でも、小5、小6と進級し、何回も模試を受けるにつれて、現実がわかってきます。そして小6の11月頃、どの学校をどんな順番で受けるかという受験プランを組むことになったときに、直近の模試の偏差値より10も20も上の学校や、過去問を解いても合格最低点に数十点も差がある学校は、受かるのは厳しいだろうと悟り、合格する可能性がある「現実的な」第一志望校を定めることになります。
その「現実的な」第一志望校に合格できるのが、3人に1人というわけです。入塾前に思い描いていた当初の第一志望には、3人に1人どころか、5人に1人、いや10人に1人くらいしか合格できていないはずです。
第一志望に合格することだけがすべてではない
大手塾のマーケティング戦略は「うちの塾に入って、指導力のある講師の指導を受けて、塾生たちと切磋琢磨すれば、子どもは成長を遂げて、夢に見た学校にも手が届く」という希望を与えるものです。それは、あながちウソではありません。
小4で入塾してきたときは、消極的でいつも小さな声で話していたのに、小5、小6と成長していくに従って、自信がついて堂々とした態度になり、別人のような頼もしさを見せるようになって、誰もが羨む学校に合格して進学する……というような子も、何人も見てきました。

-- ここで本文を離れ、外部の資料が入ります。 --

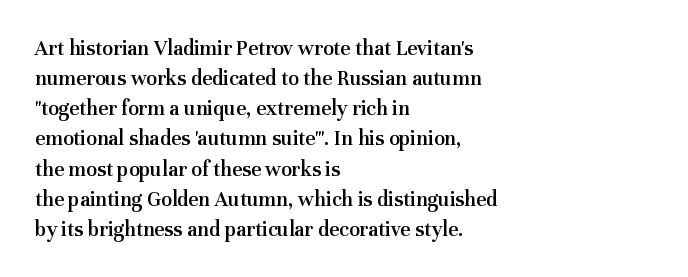
{"italic": "no", "bold": "semi", "underline": "no", "align": "left", "line_spacing": "normal", "line_spacing_ratio": 1.37, "letter_spacing": "normal", "letter_spacing_em": 0.0, "glyph_px": 22}
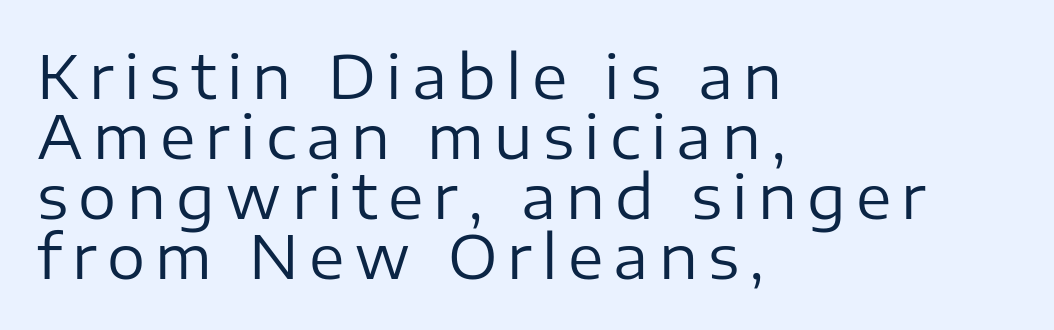
Q: Is the text bold? A: No.
Q: Is the text italic (slanted)? A: No, it is upright.
Q: Is the typeface a serif or a sans-serif typeface? A: Sans-serif.
Q: Is the text underlined? A: No.
Q: How is the paragraph aligned? A: Left-aligned.
Q: Is the spacing between lines tight, normal or loose? A: Tight.
Q: Width (condensed, normal, or wide)? A: Normal.
Q: Stroke contrast? A: Low.
Q: x-height? A: Medium.
Q: Monospaced? A: No.
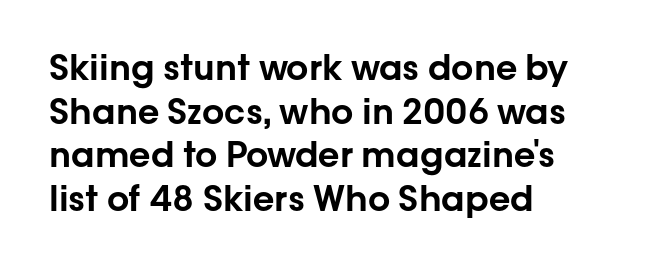
Where is the straight margin? On the left. The typeface chosen for these lines omits serifs. Underlining? Definitely not there. Each letter keeps its own natural width here, so spacing adapts to shape.
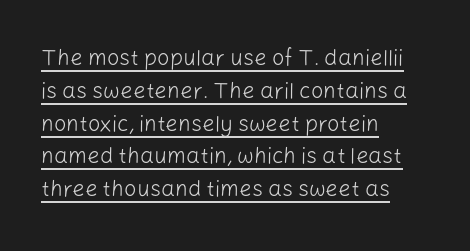
The image shows 22 px text type, upright; set left-aligned, normal line spacing (1.49x), normal letter spacing, underlined.
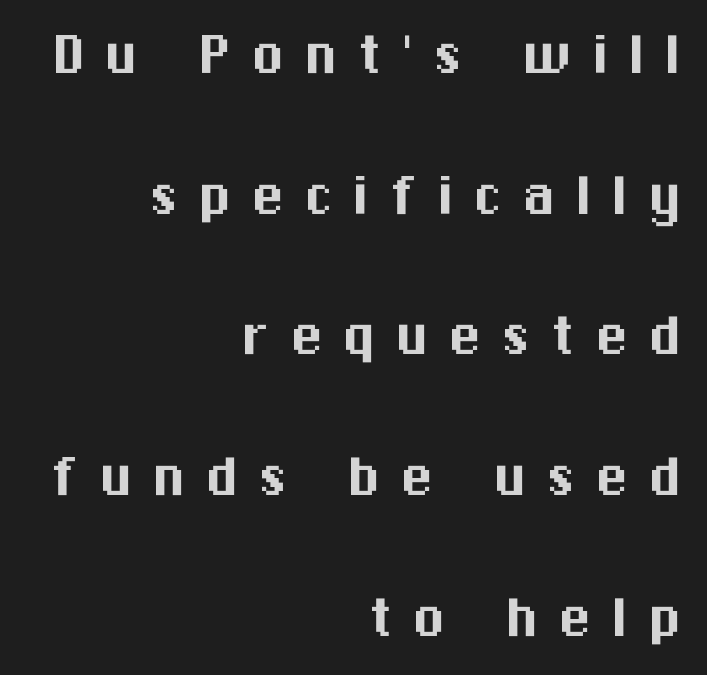
The image shows 67 px sans-serif type, upright; set right-aligned, loose line spacing (2.1x), unusually wide letter spacing (+0.29 em), not underlined; medium stroke contrast and a medium x-height.

第一志望校に3人に1人の合格。10人に1人の合格。見方を変えれば、3人に1人でも10人に1人でも、合格している人がいるということです。
合格している人がいる以上、わが子も合格する側に入れるともいえます。
ただし私は、第一志望の学校に進学することよりも、第二志望や第三志望に進学することで、人生が不利になるとは思いません。どんな進路に進んでも、その環境でしか得られないことが必ずあります。長い人生を歩む中で、あのときにこの道を進んだからこそ、本当にやりたかったことができたと振り返ることが、あるはずです。
向上心を持って第一志望をめざすことはお子さんの成長につながりますが、その結果、第一志望に進めなくても、「残念でした」ということはないはずです。どんな結果も、それをどう今後に生かすかで、その進路の価値が決まります。
受験勉強を通じて、そんなしなやかさも学んでいくことができたら、人生を豊かに歩めるのではないでしょうか。
■ 早くから入塾しても、そのぶん成績が上がるとは限らない。
■ 両親ともに中学受験経験がなくても大丈夫。
■ 経験者こそ、時代が変わっていることに要注意。
■ 塾は名前で選ばず、子ども本人に合いそうかを最優先にする。
■ 本来の「第一志望」に合格できるのは3人に1人より少ない。